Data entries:
──────────────────────────────
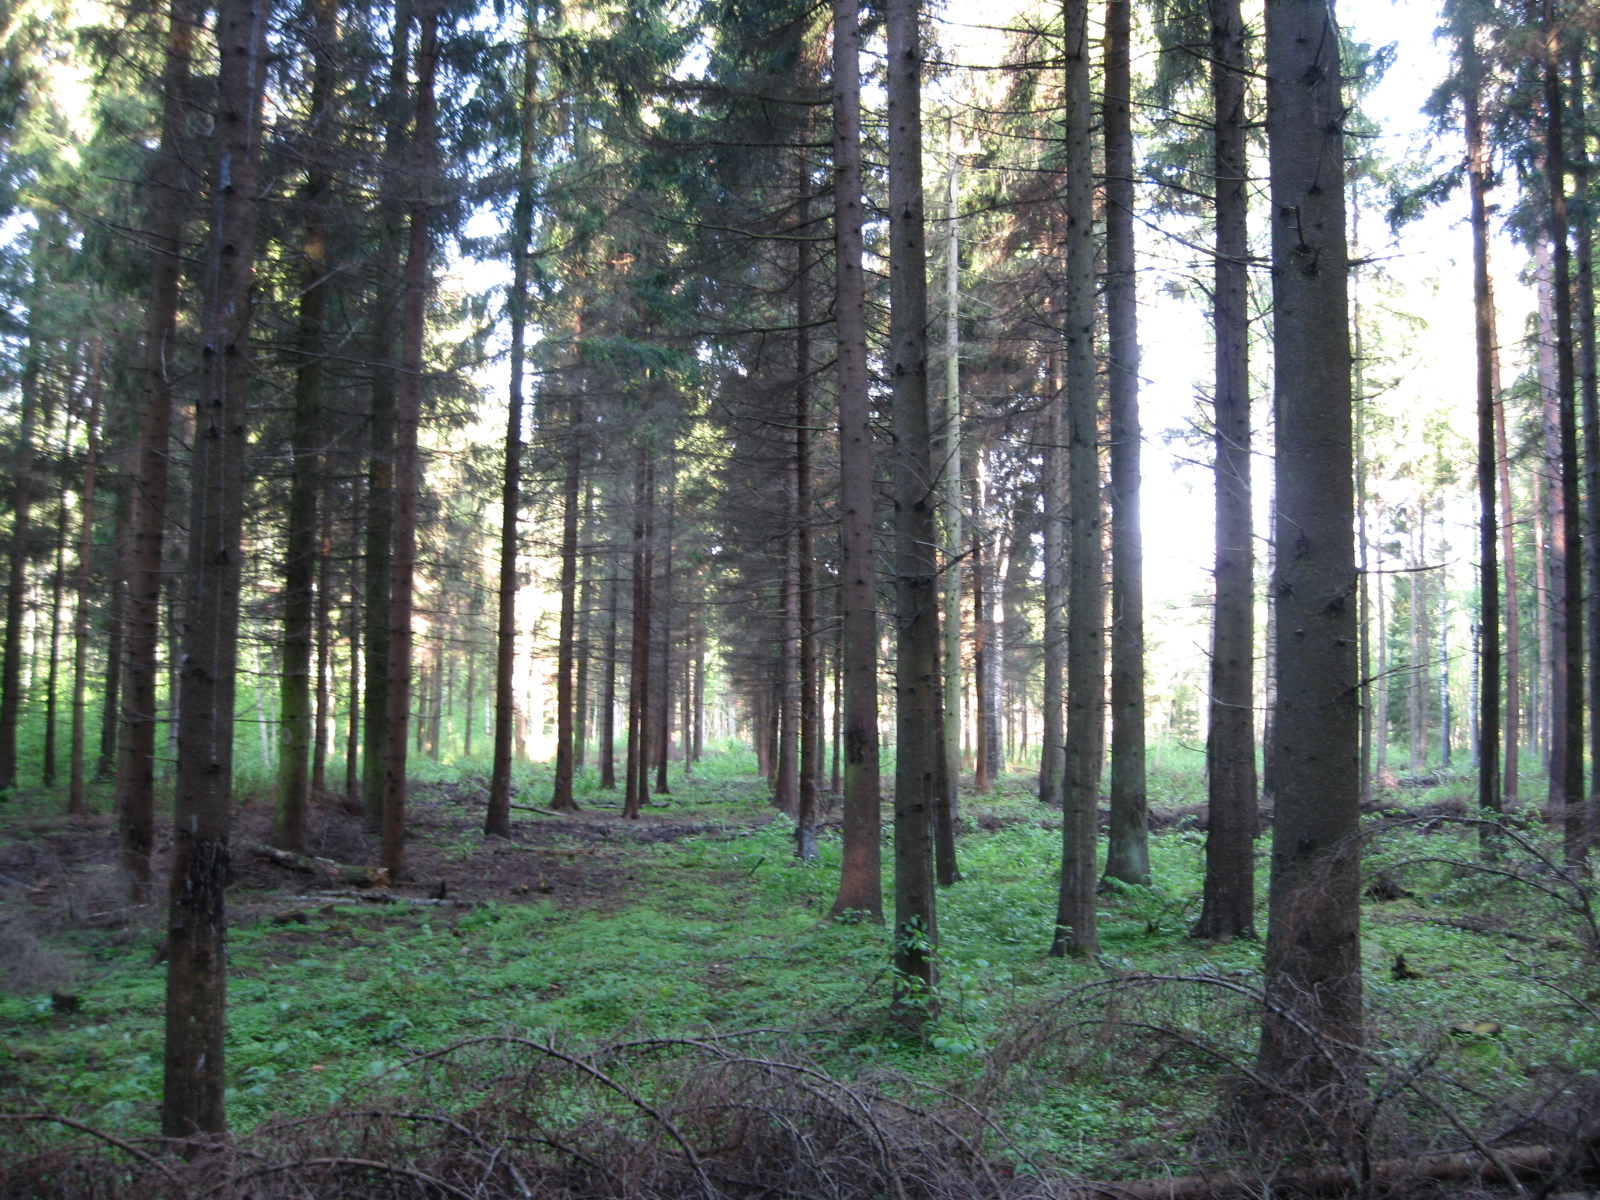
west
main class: Woodland
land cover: Spruce dominated coniferous woodland
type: hemiboreal forest and nemoral coniferous forest and mixed broadleaved-coniferous forest
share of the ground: > 75 %
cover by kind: coniferous forest trees 80 %, herbaceous plants 10 %, broadleaved forest trees 5 %, shrubs 5 %
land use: Forestry
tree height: > 5 m
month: May
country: LT
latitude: 56.3280
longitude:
──────────────────────────────
Give the records a second time exactly, keeping the images out.

west
main class: Woodland
land cover: Spruce dominated coniferous woodland
type: hemiboreal forest and nemoral coniferous forest and mixed broadleaved-coniferous forest
share of the ground: > 75 %
cover by kind: coniferous forest trees 80 %, herbaceous plants 10 %, broadleaved forest trees 5 %, shrubs 5 %
land use: Forestry
tree height: > 5 m
month: May
country: LT
latitude: 56.3280
longitude:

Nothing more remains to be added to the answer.